Republican affiliation actually dropped during the 90s and rose again after 2000. Now, I could make some arguments about underdogs and the strength of cultural pushback, but here’s what really happened: I went to a conservative private Baptist school up through 1999, then went to a large secular university for college in the early 2000s. The country didn’t  liberalize in the year 2000, my surroundings did.  This change wasn’t horribly profound, after all engineering profs are not particularly known for their liberalism, but it still shifted the needle. I could come up with all the justifications in the world for my biased knee jerk reaction, but I’d just be self justifying. In superimposing the change in my surroundings and personal development over the US as a whole, I committed the Forrest Gump Fallacy.

So why did I do this? Why do others do this? I think there’s a few reasons:

  1. We really are affected by the events that surround us Most fallacies start with a grain of truth, and this one does too.
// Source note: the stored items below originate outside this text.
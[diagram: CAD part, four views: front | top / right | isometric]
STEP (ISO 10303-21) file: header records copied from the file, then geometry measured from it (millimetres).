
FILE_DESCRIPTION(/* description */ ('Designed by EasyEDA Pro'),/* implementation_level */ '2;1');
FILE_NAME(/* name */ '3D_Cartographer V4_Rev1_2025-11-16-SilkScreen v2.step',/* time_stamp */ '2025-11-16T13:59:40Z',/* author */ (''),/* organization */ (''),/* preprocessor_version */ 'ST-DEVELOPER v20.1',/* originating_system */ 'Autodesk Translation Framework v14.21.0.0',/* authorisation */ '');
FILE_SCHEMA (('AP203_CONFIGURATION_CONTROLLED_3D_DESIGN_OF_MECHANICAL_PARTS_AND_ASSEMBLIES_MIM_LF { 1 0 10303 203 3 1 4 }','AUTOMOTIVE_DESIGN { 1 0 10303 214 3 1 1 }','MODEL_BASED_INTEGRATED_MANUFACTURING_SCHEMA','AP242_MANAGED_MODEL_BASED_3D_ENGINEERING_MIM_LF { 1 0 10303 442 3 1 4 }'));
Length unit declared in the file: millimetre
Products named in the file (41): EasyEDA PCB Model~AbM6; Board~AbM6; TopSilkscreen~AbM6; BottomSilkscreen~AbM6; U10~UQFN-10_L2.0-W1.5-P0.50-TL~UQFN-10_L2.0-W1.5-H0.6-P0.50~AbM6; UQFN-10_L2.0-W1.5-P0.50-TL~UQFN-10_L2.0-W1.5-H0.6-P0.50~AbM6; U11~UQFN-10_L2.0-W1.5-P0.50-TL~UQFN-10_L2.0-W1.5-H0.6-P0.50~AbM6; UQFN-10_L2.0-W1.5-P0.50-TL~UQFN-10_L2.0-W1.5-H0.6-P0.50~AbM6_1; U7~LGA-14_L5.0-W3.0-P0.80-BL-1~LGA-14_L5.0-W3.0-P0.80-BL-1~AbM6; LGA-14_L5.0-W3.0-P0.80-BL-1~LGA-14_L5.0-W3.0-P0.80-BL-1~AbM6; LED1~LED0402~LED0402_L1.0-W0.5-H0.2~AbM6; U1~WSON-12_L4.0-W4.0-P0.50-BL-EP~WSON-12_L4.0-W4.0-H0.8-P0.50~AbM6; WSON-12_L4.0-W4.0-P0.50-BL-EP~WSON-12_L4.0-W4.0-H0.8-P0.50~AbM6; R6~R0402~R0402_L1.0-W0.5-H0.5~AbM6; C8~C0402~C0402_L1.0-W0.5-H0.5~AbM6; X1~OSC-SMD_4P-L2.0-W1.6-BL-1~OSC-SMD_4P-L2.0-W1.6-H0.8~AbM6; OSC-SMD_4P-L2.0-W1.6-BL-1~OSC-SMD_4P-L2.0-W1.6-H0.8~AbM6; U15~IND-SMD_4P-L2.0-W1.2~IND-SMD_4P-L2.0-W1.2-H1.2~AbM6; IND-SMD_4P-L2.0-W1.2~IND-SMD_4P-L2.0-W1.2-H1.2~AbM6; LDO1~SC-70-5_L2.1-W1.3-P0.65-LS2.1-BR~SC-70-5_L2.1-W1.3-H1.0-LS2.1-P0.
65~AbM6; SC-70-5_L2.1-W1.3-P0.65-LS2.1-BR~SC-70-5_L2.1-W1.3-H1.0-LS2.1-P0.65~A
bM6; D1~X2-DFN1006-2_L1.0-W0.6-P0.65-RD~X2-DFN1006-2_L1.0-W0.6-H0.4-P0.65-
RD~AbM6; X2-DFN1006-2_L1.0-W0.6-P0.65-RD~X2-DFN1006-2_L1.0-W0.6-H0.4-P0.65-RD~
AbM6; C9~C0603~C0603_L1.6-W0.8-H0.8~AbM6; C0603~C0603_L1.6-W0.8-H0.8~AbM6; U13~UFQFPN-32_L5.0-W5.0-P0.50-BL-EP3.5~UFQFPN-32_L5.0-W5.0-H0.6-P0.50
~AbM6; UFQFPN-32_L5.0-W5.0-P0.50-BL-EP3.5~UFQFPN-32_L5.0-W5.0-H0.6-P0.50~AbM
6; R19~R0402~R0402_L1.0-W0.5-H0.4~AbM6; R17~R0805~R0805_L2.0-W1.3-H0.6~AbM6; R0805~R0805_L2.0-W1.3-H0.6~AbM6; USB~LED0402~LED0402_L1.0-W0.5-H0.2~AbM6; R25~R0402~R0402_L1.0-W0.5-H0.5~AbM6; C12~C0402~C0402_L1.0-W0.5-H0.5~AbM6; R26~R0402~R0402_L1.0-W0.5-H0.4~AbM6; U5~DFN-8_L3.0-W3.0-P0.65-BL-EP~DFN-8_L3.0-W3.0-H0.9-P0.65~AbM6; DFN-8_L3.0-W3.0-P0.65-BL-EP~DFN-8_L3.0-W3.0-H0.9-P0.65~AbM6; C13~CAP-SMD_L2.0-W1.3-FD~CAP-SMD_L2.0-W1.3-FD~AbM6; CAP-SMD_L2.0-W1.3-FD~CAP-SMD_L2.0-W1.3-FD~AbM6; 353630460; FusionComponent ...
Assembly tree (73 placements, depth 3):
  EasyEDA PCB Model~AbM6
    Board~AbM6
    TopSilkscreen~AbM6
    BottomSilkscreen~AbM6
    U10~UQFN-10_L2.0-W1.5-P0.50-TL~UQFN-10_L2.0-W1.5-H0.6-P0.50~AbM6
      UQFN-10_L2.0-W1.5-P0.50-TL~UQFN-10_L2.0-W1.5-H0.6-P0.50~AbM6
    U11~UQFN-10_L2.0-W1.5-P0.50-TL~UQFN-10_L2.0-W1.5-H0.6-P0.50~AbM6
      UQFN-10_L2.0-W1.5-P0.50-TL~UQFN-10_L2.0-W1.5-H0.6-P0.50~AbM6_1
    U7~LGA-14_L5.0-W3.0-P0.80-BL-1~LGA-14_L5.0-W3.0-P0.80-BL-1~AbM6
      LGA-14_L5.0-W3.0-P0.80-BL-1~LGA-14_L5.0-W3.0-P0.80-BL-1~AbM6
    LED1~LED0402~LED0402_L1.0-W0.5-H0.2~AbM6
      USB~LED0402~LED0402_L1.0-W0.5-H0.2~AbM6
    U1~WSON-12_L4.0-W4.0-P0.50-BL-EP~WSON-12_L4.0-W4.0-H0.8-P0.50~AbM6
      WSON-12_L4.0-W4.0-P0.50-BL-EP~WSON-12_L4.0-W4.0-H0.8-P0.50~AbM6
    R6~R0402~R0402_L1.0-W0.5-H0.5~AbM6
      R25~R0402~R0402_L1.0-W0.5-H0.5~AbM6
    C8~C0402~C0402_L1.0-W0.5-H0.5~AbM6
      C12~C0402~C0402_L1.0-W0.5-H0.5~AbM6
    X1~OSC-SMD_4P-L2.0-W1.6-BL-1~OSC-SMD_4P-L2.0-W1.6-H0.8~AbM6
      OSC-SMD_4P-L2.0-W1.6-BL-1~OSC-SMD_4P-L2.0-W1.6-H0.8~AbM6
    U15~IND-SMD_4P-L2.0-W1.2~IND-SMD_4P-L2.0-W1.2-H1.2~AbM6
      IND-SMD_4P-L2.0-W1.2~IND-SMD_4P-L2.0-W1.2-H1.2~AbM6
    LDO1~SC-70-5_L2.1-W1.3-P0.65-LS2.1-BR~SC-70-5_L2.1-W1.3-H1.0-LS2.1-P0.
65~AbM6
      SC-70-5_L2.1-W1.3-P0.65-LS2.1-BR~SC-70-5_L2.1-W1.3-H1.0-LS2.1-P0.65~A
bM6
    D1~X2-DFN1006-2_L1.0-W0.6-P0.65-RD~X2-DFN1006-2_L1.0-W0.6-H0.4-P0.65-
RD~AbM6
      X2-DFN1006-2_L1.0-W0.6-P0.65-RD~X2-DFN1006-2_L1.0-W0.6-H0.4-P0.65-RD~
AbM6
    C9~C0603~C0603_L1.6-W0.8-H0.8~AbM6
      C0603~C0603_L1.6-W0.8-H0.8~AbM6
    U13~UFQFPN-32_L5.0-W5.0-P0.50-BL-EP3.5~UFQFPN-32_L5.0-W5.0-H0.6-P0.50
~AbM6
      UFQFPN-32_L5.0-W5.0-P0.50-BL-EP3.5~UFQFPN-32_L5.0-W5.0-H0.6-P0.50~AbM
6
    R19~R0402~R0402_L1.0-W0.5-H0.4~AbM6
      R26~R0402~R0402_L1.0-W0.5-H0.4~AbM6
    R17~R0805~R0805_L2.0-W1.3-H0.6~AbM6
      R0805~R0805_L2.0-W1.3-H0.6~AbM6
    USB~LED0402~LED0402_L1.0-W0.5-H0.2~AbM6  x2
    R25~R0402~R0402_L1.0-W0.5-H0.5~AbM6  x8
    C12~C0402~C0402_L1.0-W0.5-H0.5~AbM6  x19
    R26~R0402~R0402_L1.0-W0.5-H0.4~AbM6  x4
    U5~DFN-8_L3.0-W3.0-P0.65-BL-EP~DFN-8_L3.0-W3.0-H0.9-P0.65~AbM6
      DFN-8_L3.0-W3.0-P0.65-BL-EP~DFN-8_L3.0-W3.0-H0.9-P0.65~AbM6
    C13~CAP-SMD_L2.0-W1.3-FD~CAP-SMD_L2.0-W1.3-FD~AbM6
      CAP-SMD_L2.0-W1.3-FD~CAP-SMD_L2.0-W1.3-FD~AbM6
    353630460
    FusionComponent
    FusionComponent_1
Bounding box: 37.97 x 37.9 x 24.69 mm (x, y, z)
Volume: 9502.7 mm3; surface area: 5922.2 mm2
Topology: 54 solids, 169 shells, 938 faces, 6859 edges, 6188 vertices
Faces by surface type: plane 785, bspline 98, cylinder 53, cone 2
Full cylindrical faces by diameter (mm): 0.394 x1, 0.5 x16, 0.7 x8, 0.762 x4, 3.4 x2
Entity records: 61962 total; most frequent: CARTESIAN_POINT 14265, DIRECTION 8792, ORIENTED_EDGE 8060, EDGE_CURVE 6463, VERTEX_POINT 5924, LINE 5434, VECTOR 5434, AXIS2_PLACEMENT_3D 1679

In many ways, we are affected by watching the events that surround us, and we do really observe the country change around us. For example, most people can quite accurately describe how their own feelings and the feelings of the country changed after September 11th, 2001. I don’t think this fallacy arises around big events, but rather when we’re discussing subtle shifts on more divisive issues.
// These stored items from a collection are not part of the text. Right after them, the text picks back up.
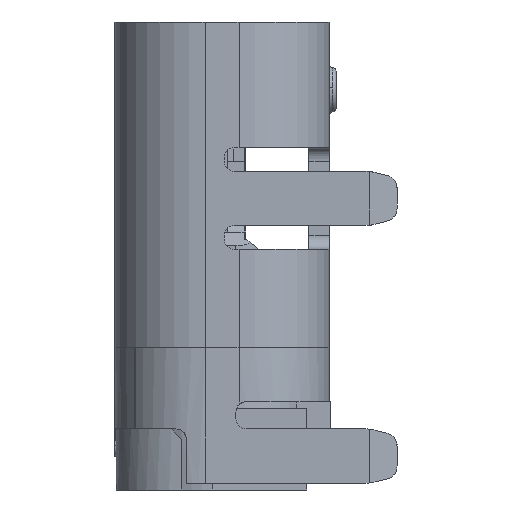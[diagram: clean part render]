
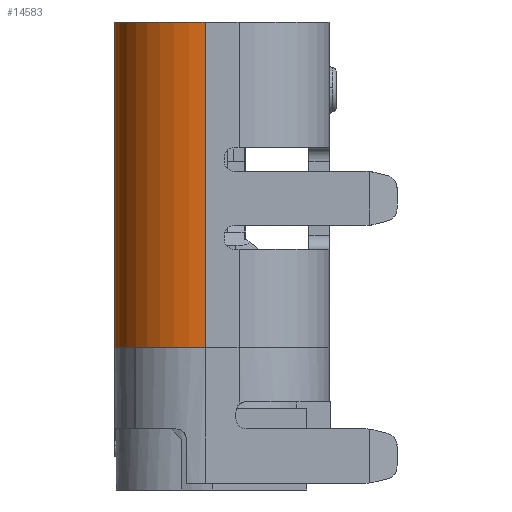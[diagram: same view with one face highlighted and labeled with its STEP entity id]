
A CAD part, left-side view. The second image highlights one B-rep face of the part: STEP entity #14583.
In plain terms, the highlighted cylindrical face has radius 1.33 mm (diameter 2.66 mm), a partial arc.
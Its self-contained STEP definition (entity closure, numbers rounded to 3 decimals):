
#1007 = ORIENTED_EDGE ( 'NONE', *, *, #9350, .F. ) ;
#1780 = DIRECTION ( 'NONE',  ( 0., 0., -1. ) ) ;
#1785 = CARTESIAN_POINT ( 'NONE',  ( -3.14, 3.26, -1.35 ) ) ;
#4130 = VECTOR ( 'NONE', #29354, 1000. ) ;
#4178 = VERTEX_POINT ( 'NONE', #1785 ) ;
#4629 = AXIS2_PLACEMENT_3D ( 'NONE', #11524, #20728, #22977 ) ;
#5339 = CARTESIAN_POINT ( 'NONE',  ( -4.47, 1.93, 3.45 ) ) ;
#9350 = EDGE_CURVE ( 'NONE', #4178, #29044, #21941, .T. ) ;
#10773 = LINE ( 'NONE', #22365, #26917 ) ;
#10912 = DIRECTION ( 'NONE',  ( 0., 0., 1. ) ) ;
#10955 = DIRECTION ( 'NONE',  ( -1., 0., 0. ) ) ;
#11524 = CARTESIAN_POINT ( 'NONE',  ( -3.14, 1.93, 3.45 ) ) ;
#12051 = AXIS2_PLACEMENT_3D ( 'NONE', #17618, #1780, #13396 ) ;
#13396 = DIRECTION ( 'NONE',  ( 1., 0., 0. ) ) ;
#14583 = ADVANCED_FACE ( 'NONE', ( #28913 ), #20013, .T. ) ;
#14958 = CIRCLE ( 'NONE', #12051, 1.33 ) ;
#17618 = CARTESIAN_POINT ( 'NONE',  ( -3.14, 1.93, -1.35 ) ) ;
#17882 = DIRECTION ( 'NONE',  ( 0., 0., -1. ) ) ;
#18015 = CARTESIAN_POINT ( 'NONE',  ( -3.14, 3.26, 0.55 ) ) ;
#18934 = VERTEX_POINT ( 'NONE', #5339 ) ;
#20013 = CYLINDRICAL_SURFACE ( 'NONE', #23582, 1.33 ) ;
#20728 = DIRECTION ( 'NONE',  ( 0., 0., 1. ) ) ;
#20754 = EDGE_CURVE ( 'NONE', #29044, #18934, #22924, .T. ) ;
#21940 = ORIENTED_EDGE ( 'NONE', *, *, #27547, .T. ) ;
#21941 = LINE ( 'NONE', #18015, #4130 ) ;
#22212 = EDGE_LOOP ( 'NONE', ( #23765, #21940, #29548, #1007 ) ) ;
#22365 = CARTESIAN_POINT ( 'NONE',  ( -4.47, 1.93, 3.45 ) ) ;
#22924 = CIRCLE ( 'NONE', #4629, 1.33 ) ;
#22977 = DIRECTION ( 'NONE',  ( -1., 0., 0. ) ) ;
#23582 = AXIS2_PLACEMENT_3D ( 'NONE', #29062, #17882, #10955 ) ;
#23765 = ORIENTED_EDGE ( 'NONE', *, *, #29459, .F. ) ;
#23809 = CARTESIAN_POINT ( 'NONE',  ( -4.47, 1.93, -1.35 ) ) ;
#25050 = CARTESIAN_POINT ( 'NONE',  ( -3.14, 3.26, 3.45 ) ) ;
#25269 = VERTEX_POINT ( 'NONE', #23809 ) ;
#26917 = VECTOR ( 'NONE', #10912, 1000. ) ;
#27547 = EDGE_CURVE ( 'NONE', #25269, #18934, #10773, .T. ) ;
#28913 = FACE_OUTER_BOUND ( 'NONE', #22212, .T. ) ;
#29044 = VERTEX_POINT ( 'NONE', #25050 ) ;
#29062 = CARTESIAN_POINT ( 'NONE',  ( -3.14, 1.93, 3.45 ) ) ;
#29354 = DIRECTION ( 'NONE',  ( 0., 0., 1. ) ) ;
#29459 = EDGE_CURVE ( 'NONE', #25269, #4178, #14958, .T. ) ;
#29548 = ORIENTED_EDGE ( 'NONE', *, *, #20754, .F. ) ;

  2. Good cultural metrics are hard to come by A few paragraphs ago, I used party affiliation as a proxy for “how liberal” or “how conservative” the country was during certain decades. While I don’t think that metric is half bad, it’s not perfect. Specifically, it tells us very little about what’s going on with that “independent” group…and they tend to have the largest numbers. Additionally, it’s totally possible that the meaning of “conservative” or “liberal” will change over time and on certain issues. Positions on social issues don’t always move in lock step with positions on fiscal issues and vice versa. Liberalizing on one social issue doesn’t mean you liberalize on all of them either. In my lifetime, many people have changed their opinion on gay marriage but not on abortion. When it’s complicated to get a good picture of public opinion, we rely on our own perceptions more heavily. This sets us up for bias.
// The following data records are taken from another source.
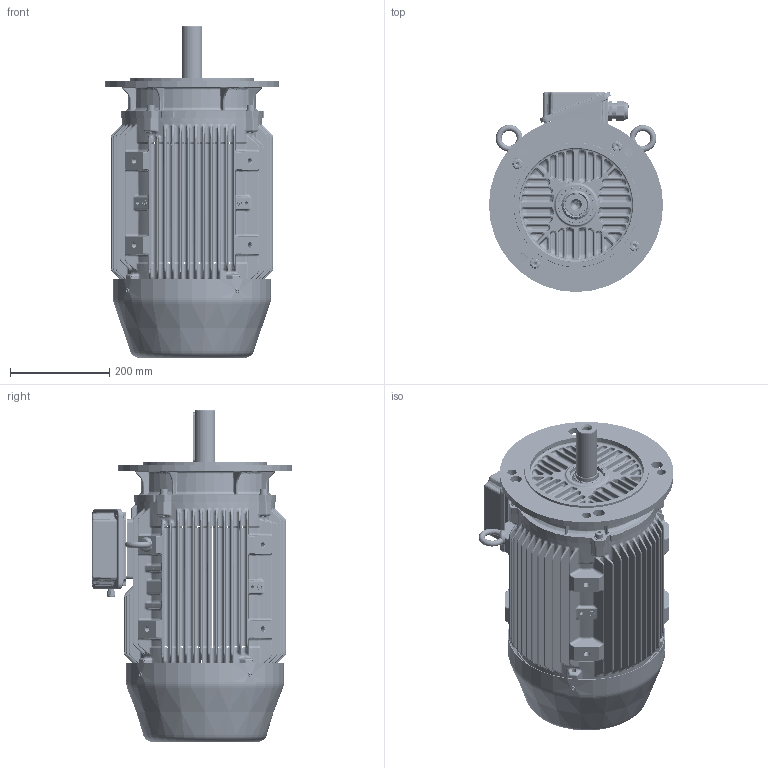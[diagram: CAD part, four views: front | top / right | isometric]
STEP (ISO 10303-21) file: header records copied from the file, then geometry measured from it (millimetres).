
FILE_DESCRIPTION(/* description */ (''),/* implementation_level */ '2;1');
FILE_NAME(/* name */ '6521660xx-DIS GORUNUS QHG 160L B5-KI.stp',/* time_stamp */ '2020-12-04T13:30:36+03:00',/* author */ (''),/* organization */ (''),/* preprocessor_version */ 'ST-DEVELOPER v16',/* originating_system */ 'SIEMENS PLM Software NX 11.0',/* authorisation */ '');
FILE_SCHEMA (('AUTOMOTIVE_DESIGN { 1 0 10303 214 3 1 1 1 }'));
Products named in the file (1): C9017F38B806swhj
Bounding box: 350 x 402.41 x 667.5 mm (x, y, z)
Surface area: 1689168.5 mm2 (no closed solid volume)
Topology: 0 solids, 81 shells, 5492 faces, 15392 edges, 9604 vertices
Faces by surface type: bspline 2125, cylinder 1531, plane 1050, torus 396, cone 317, sphere 73
Full cylindrical faces by diameter (mm): 2.5 x1, 4.2 x7, 5.3 x4, 5.5 x6, 6.8 x2, 8.5 x8, 10 x5, 10.3 x6, 13.2 x1, 14 x1, 15 x1, 16 x8, 17 x1, 18.5 x4, 19 x2, 20 x4, 21 x2, 23 x4, 24.2 x1, 30 x2, 31.25 x2, 34.5 x2, 36 x2, 40 x1, 41.4 x1, 42 x1, 45 x1, 68.667 x1, 250 x1, 314 x1
Entity records: 216584 total; most frequent: CARTESIAN_POINT 92930, ORIENTED_EDGE 26244, DIRECTION 22718, EDGE_CURVE 15028, VERTEX_POINT 9555, AXIS2_PLACEMENT_3D 9233, EDGE_LOOP 5986, ADVANCED_FACE 5492

  3. Opinions are not evenly spread around This is perhaps the biggest driver of this fallacy, and it’s no one’s fault really. As divided as things can get, the specifics of the divisions can vary widely in your personal life, your city and your state. While the New Hampshire I grew up in generally leaned conservative, it was still a swing state. My school however was strongly conservative and almost everyone was a Republican, and certainly almost all of the staff. Even with only 25% of people identifying themselves as Republican there are certainly many places where someone could be the only Democrat and vice versa. Ann Althouse (a law professor blogger who voted for Obama in 2008) frequently notes that her law professor colleagues consider her “the conservative faculty member”. She’s not conservative compared to the rest of the country, but compared to her coworkers she very much is. If you don’t keep a good handle on the influence of your environment, you could walk away with a pretty confused perception of “normal”.

So what do we do about something like this? I’m not really sure. The obvious answer is to try to mix with people who don’t think like you, aren’t your age and have a different perspective from you, but that’s easier said than done. There’s some evidence that conservatives and liberals legitimately enjoy living in different types of places and that the polarization of our daily lives is getting worse. Sad news. On the other hand, the internet does make it easier than ever to seek out opinions different from your own and to get feedback on what you might be missing. Will any of it help? Not sure. That’s why I’m sticking with just giving it a name.